撮影:川上秋レミイ 撮影協力:くまさん家https://www.kumasanchi-shimokita.com/
気がついたら、夫婦の会話が「業務連絡」だけになっていませんか?
恋人時代や新婚当時、夫婦の会話の大半を占めていた雑談や他愛もないおしゃべりは、子どもが産まれ、共働きになった途端、ほとんどなくなり、気づくと夫婦の会話といえば「伝達事項」ばかり。たまに夫婦で会話をしようと思っても、どちらか一方が疲れて寝落ちしてしまう……。

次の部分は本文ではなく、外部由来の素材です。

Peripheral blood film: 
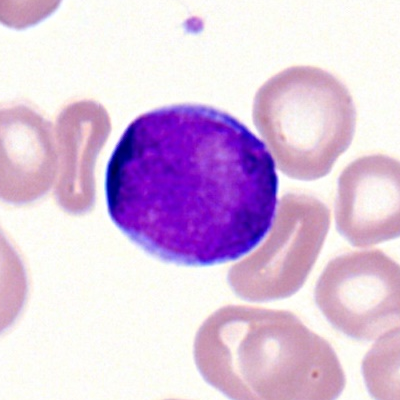 Showing a myeloblast.

共働き夫婦なら、身に覚えのある話ではないでしょうか? 忙しいと、つい夫婦の会話はスケジュール調整、一日の報告、家事育児の依頼などの「業務連絡」ばかりになりがちです。そのまま放置していると、相手を思いやる気持ちや、助け合いの心といった情緒的サポートは低下するばかり。

3人の子どもがいる私たち夫婦も例外ではなく、まさに「業務連絡」ばかりの日常を送っていました。次第にアイコンタクトやスキンシップもなくなり、夫婦関係がどんどん冷めていってしまい、冷戦状態が続いた時期もありました。いま思い出しても当時の辛い気持ちが蘇ります。

林田香織さん
「1時間以上の会話」「一緒に趣味を楽しむ」がパートナーの満足度を上げる
リクルートマーケティングパートナーズのブライダル総研が行った「夫婦関係調査2015」によると、夫婦関係満足度の高い夫は、不満足の夫に比べ「1時間以上の夫婦での会話」の回数が多く、一方、満足度の高い妻は、不満足の妻に比べ「夫婦で仕事のあとや休日に一緒に趣味を楽しむ」回数が多いそうです。やはり夫婦円満の秘訣は、日常の「コミュニケーション」が大事ということ。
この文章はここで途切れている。